One of the more complex issues surrounding the potential appointment of Sen. Hillary Clinton as secretary of state in President-elect Barack Obama's administration is her husband's business dealings.
But Bill Clinton is not the only former president to continue working after his days in the White House were up. So what kind of post-White House jobs can they expect with "ex-president" on the resume?
Back in the 1850s, the prospects looked dim for President Franklin Pierce, who once said, "After the White House, what is there to do but drink?"
Clinton has managed to find a gig or two. Since leaving office, he has made more than $50 million in speaking fees alone.

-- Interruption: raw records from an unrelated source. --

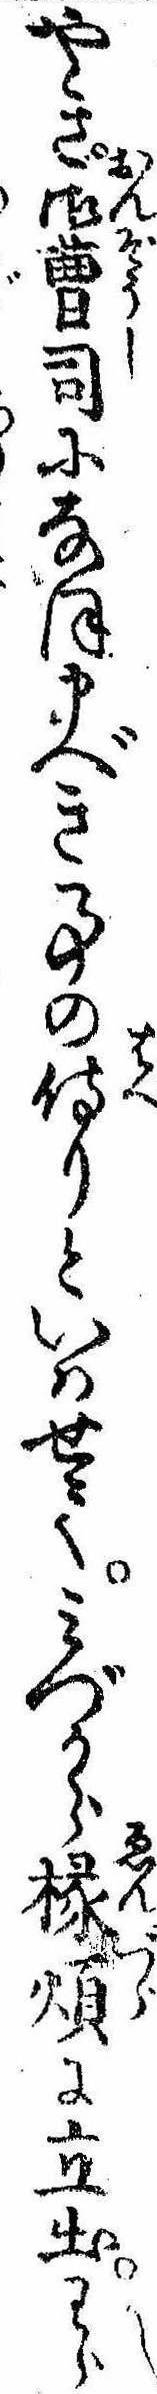
やき御曹司になほ申べき事の侍りといはせてみづから縁煩に立出わら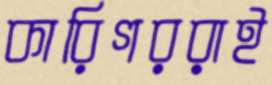
কারিগররাই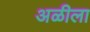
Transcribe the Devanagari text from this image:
अळीला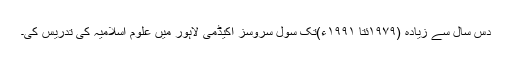
دس سال سے زیادہ (۱۹۷۹ئتا ۱۹۹۱ء)تک سول سروسز اکیڈمی لاہور میں علوم اسلامیہ کی تدریس کی۔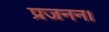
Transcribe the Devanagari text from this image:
प्रजनन।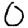
Digit: 0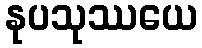
နုပသုဿယေ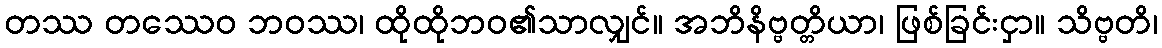
တဿ တဿေဝ ဘဝဿ၊ ထိုထိုဘဝ၏သာလျှင်။ အဘိနိဗ္ဗတ္တိယာ၊ ဖြစ်ခြင်းငှာ။ သိဗ္ဗတိ၊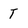
Character: T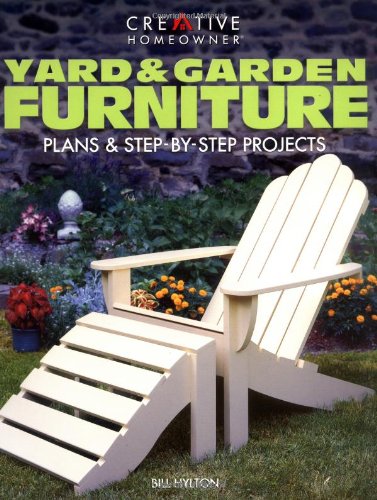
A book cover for Yard & Garden Furniture: Plans and Step-by-Step Projects; Bill Hylton Mr.; Crafts, Hobbies & Home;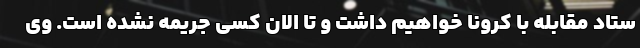
ستاد مقابله با کرونا خواهیم داشت و تا الان کسی جریمه نشده است. وی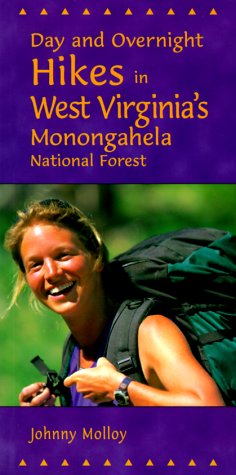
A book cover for Day and Overnight Hikes in West Virginia's Monongahela National Forest; Johnny Molloy; Travel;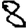
Digit: 8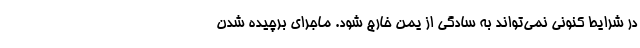
در شرایط کنونی نمی‌تواند به سادگی از یمن خارج شود. ماجرای برچیده شدن

Ronald Reagan used his ex-president status to make $2 million for a speaking trip to Japan.
George H.W. Bush has given $100,000 speeches.
Allan Lichtman, professor of history at the American University, told "Good Morning America" it is little wonder they are paid so well.

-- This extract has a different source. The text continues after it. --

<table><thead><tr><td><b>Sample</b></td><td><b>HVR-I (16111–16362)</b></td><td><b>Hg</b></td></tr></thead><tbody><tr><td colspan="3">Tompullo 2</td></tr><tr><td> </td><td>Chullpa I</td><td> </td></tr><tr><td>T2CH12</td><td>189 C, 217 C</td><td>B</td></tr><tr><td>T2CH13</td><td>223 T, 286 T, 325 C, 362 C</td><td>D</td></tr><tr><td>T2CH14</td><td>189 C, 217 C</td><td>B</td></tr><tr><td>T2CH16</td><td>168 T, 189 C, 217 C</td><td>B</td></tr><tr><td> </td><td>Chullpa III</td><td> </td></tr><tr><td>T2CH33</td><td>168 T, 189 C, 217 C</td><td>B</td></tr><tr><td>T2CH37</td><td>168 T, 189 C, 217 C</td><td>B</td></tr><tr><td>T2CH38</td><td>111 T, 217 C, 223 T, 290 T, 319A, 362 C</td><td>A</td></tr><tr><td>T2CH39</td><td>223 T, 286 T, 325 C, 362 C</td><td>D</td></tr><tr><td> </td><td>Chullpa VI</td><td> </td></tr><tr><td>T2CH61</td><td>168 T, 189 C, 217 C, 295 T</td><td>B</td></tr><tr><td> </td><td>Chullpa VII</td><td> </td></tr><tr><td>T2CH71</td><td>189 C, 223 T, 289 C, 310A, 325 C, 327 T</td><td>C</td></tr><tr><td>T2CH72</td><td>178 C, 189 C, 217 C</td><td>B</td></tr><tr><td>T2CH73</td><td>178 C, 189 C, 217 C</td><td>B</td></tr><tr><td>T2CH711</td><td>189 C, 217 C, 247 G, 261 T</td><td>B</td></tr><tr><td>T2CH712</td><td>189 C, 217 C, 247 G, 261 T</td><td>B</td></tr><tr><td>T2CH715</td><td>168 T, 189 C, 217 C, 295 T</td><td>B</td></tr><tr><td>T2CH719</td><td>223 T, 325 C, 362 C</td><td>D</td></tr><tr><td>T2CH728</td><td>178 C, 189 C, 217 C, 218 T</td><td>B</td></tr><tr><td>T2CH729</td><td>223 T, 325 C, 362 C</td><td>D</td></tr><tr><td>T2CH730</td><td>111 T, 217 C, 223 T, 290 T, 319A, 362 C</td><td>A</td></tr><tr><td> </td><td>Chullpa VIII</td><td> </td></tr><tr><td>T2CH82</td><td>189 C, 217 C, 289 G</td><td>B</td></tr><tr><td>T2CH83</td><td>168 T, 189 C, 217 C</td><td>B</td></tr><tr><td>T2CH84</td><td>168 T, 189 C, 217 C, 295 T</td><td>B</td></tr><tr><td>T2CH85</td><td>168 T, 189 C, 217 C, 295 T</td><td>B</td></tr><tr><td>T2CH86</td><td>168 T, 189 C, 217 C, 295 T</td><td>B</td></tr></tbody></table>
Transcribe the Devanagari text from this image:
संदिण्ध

"You want someone who can draw a crowd and has prestige and a following," he said. "Who has more prestige than an ex-president?"
But the lucrative ex-president gig of today is a far cry from the struggles of past presidents.
Thomas Jefferson had to sell his book collection to the government for extra cash. That collection became the cornerstone of the Library of Congress.
Harry Truman had to take out a loan to make ends meet. It was because of Truman that Congress decided to give ex-presidents a pension.
"A struggling ex-president kind of brings down the dignity of the office," Lichtman explained.
Since then, former office-holders have hardly struggled. Richard Nixon pulled in $600,000 for his famous interviews with talk show host David Frost.
Of course, ex-presidents have also done far more than make money.
Jimmy Carter launched Habitat for Humanity, and Bill Clinton and George Bush have raised a huge amount of money for relief funds, such as the Asian tsunami and Hurricane Katrina.